An activist investor wants publisher Houghton Mifflin Harcourt Co. to further turn the page from its recent bankruptcy and hand back more cash to shareholders.

Q Investments LP, which owns about 3% of Houghton’s stock, is seeking a shareholder vote to pressure the company to either institute a dividend or boost its share repurchases, according to a letter it released Thursday.

Houghton, which specializes in educational books and digital learning, has a “fortress balance sheet” that is far too protective in a market where debt is cheap, Q Investments said. The investor’s push comes as at least one competitor in educational publishing, Cengage Learning, turned to the debt markets this week.

A spokeswoman for Houghton Mifflin Harcourt declined to comment.

The company, whose primary focus is preschool through 12th grade, also has a small consumer arm whose authors include Philip Roth, Jonathan Safran Foer and Yann Martel. Houghton emerged from a brief stay in bankruptcy in 2012 and went public in 2013 at $12 a share. Its shares closed Thursday at $20.30, giving the company a market capitalization of $2.87 billion.

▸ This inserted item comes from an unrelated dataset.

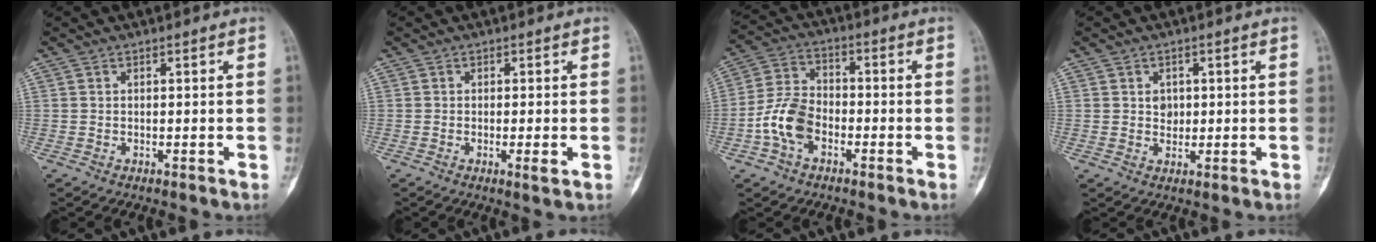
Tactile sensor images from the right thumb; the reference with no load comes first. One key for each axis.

On a Nov. 6 earnings conference call, Houghton Chief Financial Officer Eric Shuman said the company expects to end the year with a cash balance of between $675 million and $725 million, up from $425 million at the end of 2013. Houghton’s board authorized the repurchase of $100 million in common stock over a two-year period because of its expected strong cash position.

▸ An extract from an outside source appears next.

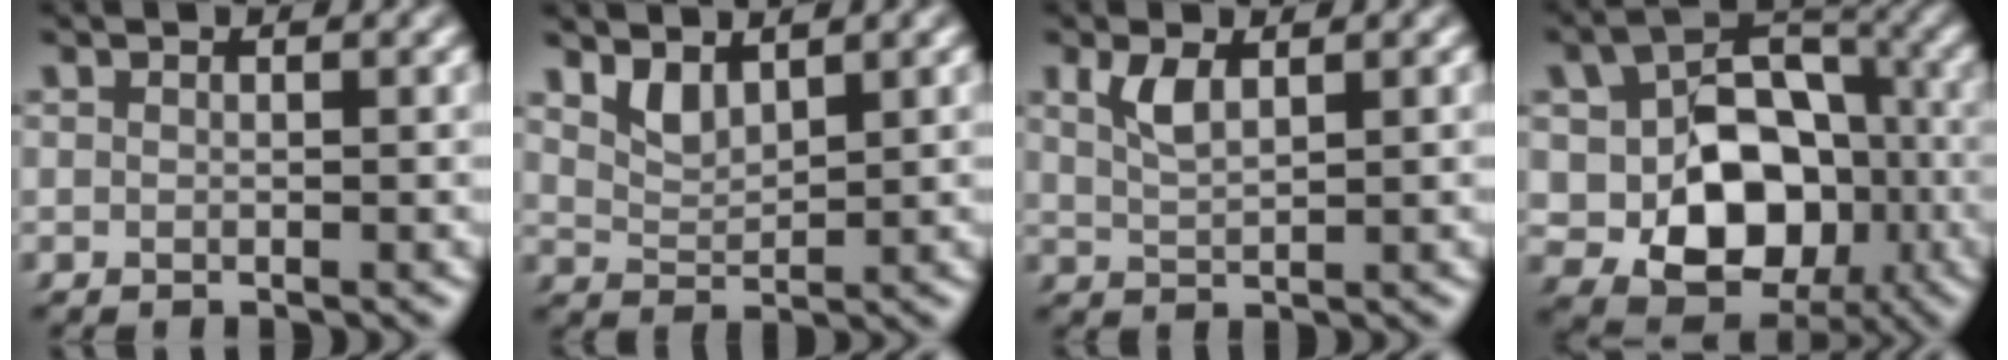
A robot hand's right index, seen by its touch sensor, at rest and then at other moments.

In an interview last month with The Wall Street Journal, Houghton Chief Executive Linda Zecher emphasized the importance of delivering value for shareholders. “You want to make sure you’re focused on growth and that you’re spending your capital judiciously,” she said. “And you want to make sure that anything you’re doing will accrue to the stock price and to the value of the company.”

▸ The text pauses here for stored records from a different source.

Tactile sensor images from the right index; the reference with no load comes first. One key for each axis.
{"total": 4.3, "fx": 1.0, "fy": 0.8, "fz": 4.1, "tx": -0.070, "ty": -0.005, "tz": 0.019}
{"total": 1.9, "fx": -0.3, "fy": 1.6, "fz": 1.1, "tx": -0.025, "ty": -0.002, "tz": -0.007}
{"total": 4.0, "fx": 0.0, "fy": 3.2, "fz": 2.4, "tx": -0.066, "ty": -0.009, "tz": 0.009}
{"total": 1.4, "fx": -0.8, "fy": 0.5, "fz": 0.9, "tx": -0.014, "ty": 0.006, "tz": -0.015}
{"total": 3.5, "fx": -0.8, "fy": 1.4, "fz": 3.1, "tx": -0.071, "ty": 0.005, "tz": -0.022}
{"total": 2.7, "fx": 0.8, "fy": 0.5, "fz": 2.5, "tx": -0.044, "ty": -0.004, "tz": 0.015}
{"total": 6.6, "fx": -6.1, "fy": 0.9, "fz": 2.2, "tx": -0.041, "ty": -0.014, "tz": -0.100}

Houghton has been on something of an acquisition spree. It has purchased three digital education-related companies in 2014 as it looks to build its digital portfolio and increase its opportunities for selling directly to consumers. Ms. Zecher also said Houghton would be open to a larger deal if it would expand the company’s footprint.

In the letter to the board, Q Investments said hoarding cash for a major acquisition is unnecessary. While the investor said it would support a deal, if merited, it believes the company should return some of the cash on hand because the debt markets could finance any significant transaction.

Q Investments didn’t specify how much cash it believes should be returned to investors, but suggested a dividend could signal that Houghton has confidence in its long-term prospects. In the letter, the activist fund voiced support for management and noted the company’s progress since bankruptcy.

Earlier this week, Cengage, another educational publisher, said it was planning to use debt to pay a dividend only eight months after it emerged from bankruptcy.